#### Available data:

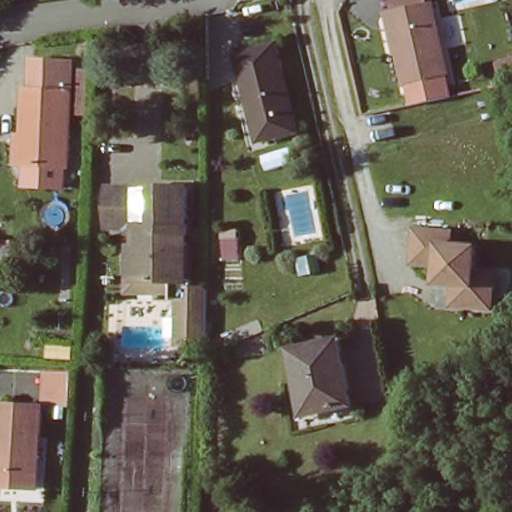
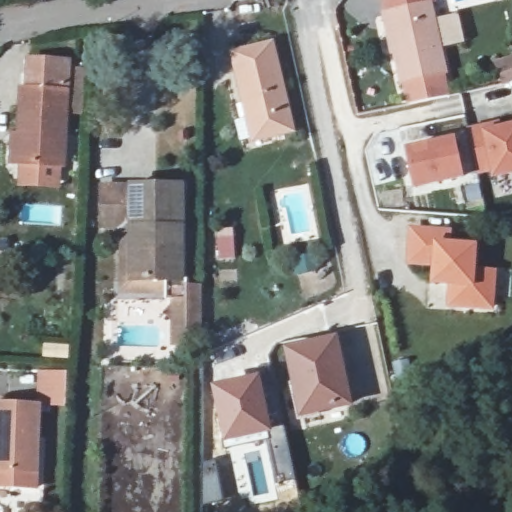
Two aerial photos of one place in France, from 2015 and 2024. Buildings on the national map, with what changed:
unchanged [(415,89),(404,91),(386,24),(397,22),(393,6),(418,0),(433,0),(437,12),(445,9),(462,78),(452,80),(455,91),(418,100),(415,89)]
unchanged [(236,54),(273,46),(291,131),(253,140),(236,54)]
unchanged [(29,94),(30,66),(69,67),(68,96),(66,174),(21,173),(23,94),(29,94)]
new [(478,168),(468,128),(485,124),(499,121),(500,127),(512,124),(512,169),(495,172),(493,165),(478,168)]
new [(454,137),(463,174),(415,185),(406,148),(454,137)]
unchanged [(120,229),(102,229),(101,185),(134,185),(160,185),(185,185),(184,279),(166,280),(136,280),(122,281),(120,229)]
unchanged [(454,238),(453,251),(483,253),(482,275),(498,276),(497,313),(451,310),(452,274),(438,273),(438,269),(415,267),(417,235),(454,238)]
unchanged [(185,284),(205,283),(205,346),(172,346),(169,285),(185,284)]
unchanged [(291,351),(337,342),(350,406),(305,415),(291,351)]
new [(261,375),(273,432),(223,444),(211,388),(261,375)]
unchanged [(49,397),(44,483),(0,479),(0,395),(49,397)]

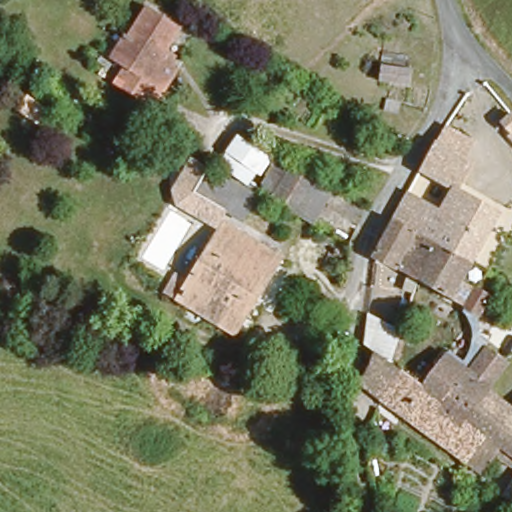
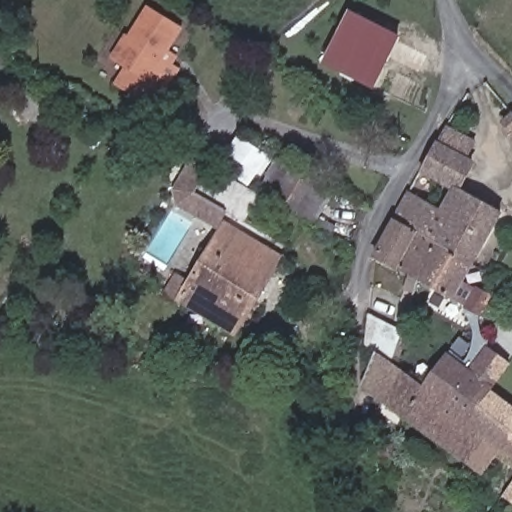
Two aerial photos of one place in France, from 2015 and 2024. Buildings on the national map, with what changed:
new [(400,37),(371,88),(322,61),(352,10),(400,37)]
unchanged [(175,30),(169,40),(164,48),(142,84),(125,73),(110,63),(145,11),(175,30)]
unchanged [(125,73),(142,84),(164,48),(175,54),(171,62),(179,69),(150,111),(101,78),(110,63),(125,73)]
demolished [(400,94),(373,93),(374,76),(400,76),(400,94)]
unchanged [(498,125),(484,110),(495,100),(509,115),(498,125)]
unchanged [(234,134),(295,168),(275,208),(257,197),(247,190),(211,170),(234,134)]
unchanged [(436,175),(430,186),(415,177),(437,139),(465,158),(451,183),(436,175)]
unchanged [(275,208),(295,168),(335,188),(311,225),(275,208)]
unchanged [(247,190),(257,197),(241,221),(196,194),(211,170),(247,190)]
unchanged [(435,237),(412,224),(395,214),(409,188),(439,205),(451,183),(491,206),(464,252),(435,237)]
unchanged [(226,223),(278,258),(260,286),(230,266),(216,287),(191,274),(226,223)]
unchanged [(392,260),(412,224),(435,237),(415,273),(392,260)]
unchanged [(443,288),(415,273),(435,237),(464,252),(443,288)]
unchanged [(216,287),(230,266),(260,286),(229,334),(172,302),(191,274),(216,287)]
unchanged [(486,291),(476,305),(465,299),(475,285),(486,291)]
unchanged [(481,453),(468,466),(401,414),(383,400),(366,387),(367,368),(380,352),(370,344),(370,340),(377,318),(402,327),(392,362),(396,365),(401,369),(422,385),(452,343),(452,342),(465,353),(460,360),(467,365),(484,344),(508,362),(487,391),(511,409),(512,409),(512,454),(499,443),(487,458),(481,453)]
unchanged [(512,408),(512,409),(511,409),(512,408)]

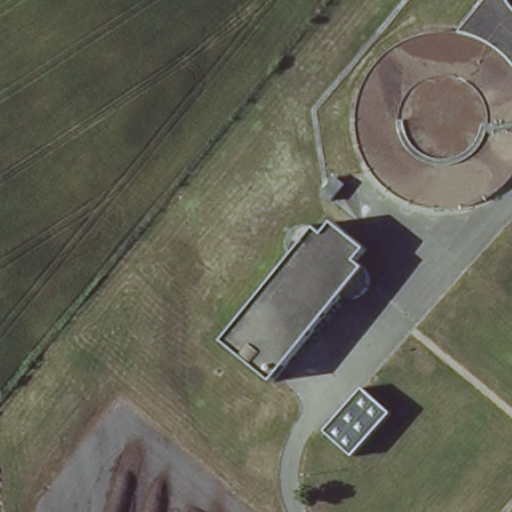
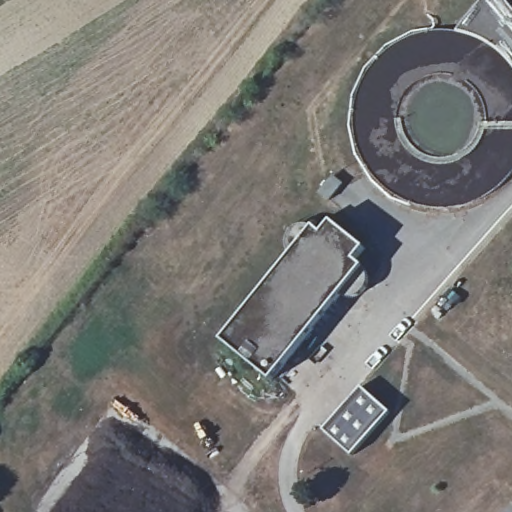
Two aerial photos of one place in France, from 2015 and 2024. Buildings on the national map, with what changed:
unchanged [(315,228),(319,231),(330,220),(366,247),(357,260),(365,268),(272,379),(222,338),(315,228)]
unchanged [(361,388),(389,413),(352,458),(322,431),(361,388)]

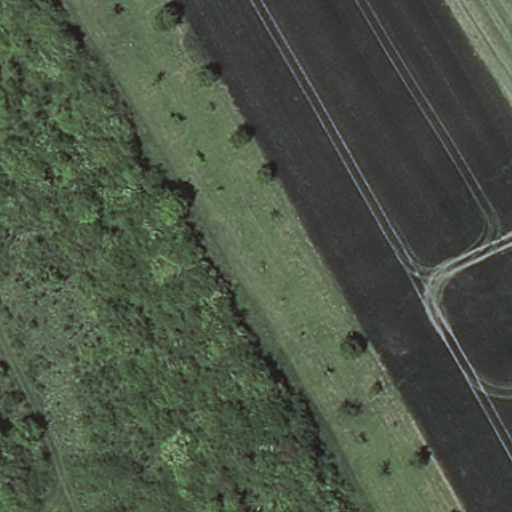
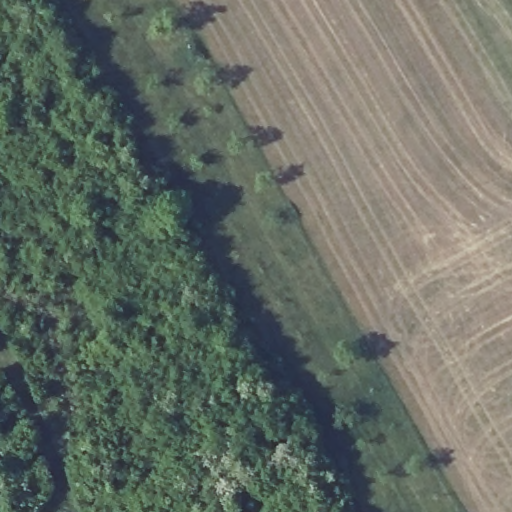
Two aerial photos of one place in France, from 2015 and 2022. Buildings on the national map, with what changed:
[]

#### Problem details:
Where a line contains "2015 and 2022.", begin there and output each line through the end of the data above, exactly; give no other lines.

#### Output of the task:
Two aerial photos of one place in France, from 2015 and 2022. Buildings on the national map, with what changed:
[]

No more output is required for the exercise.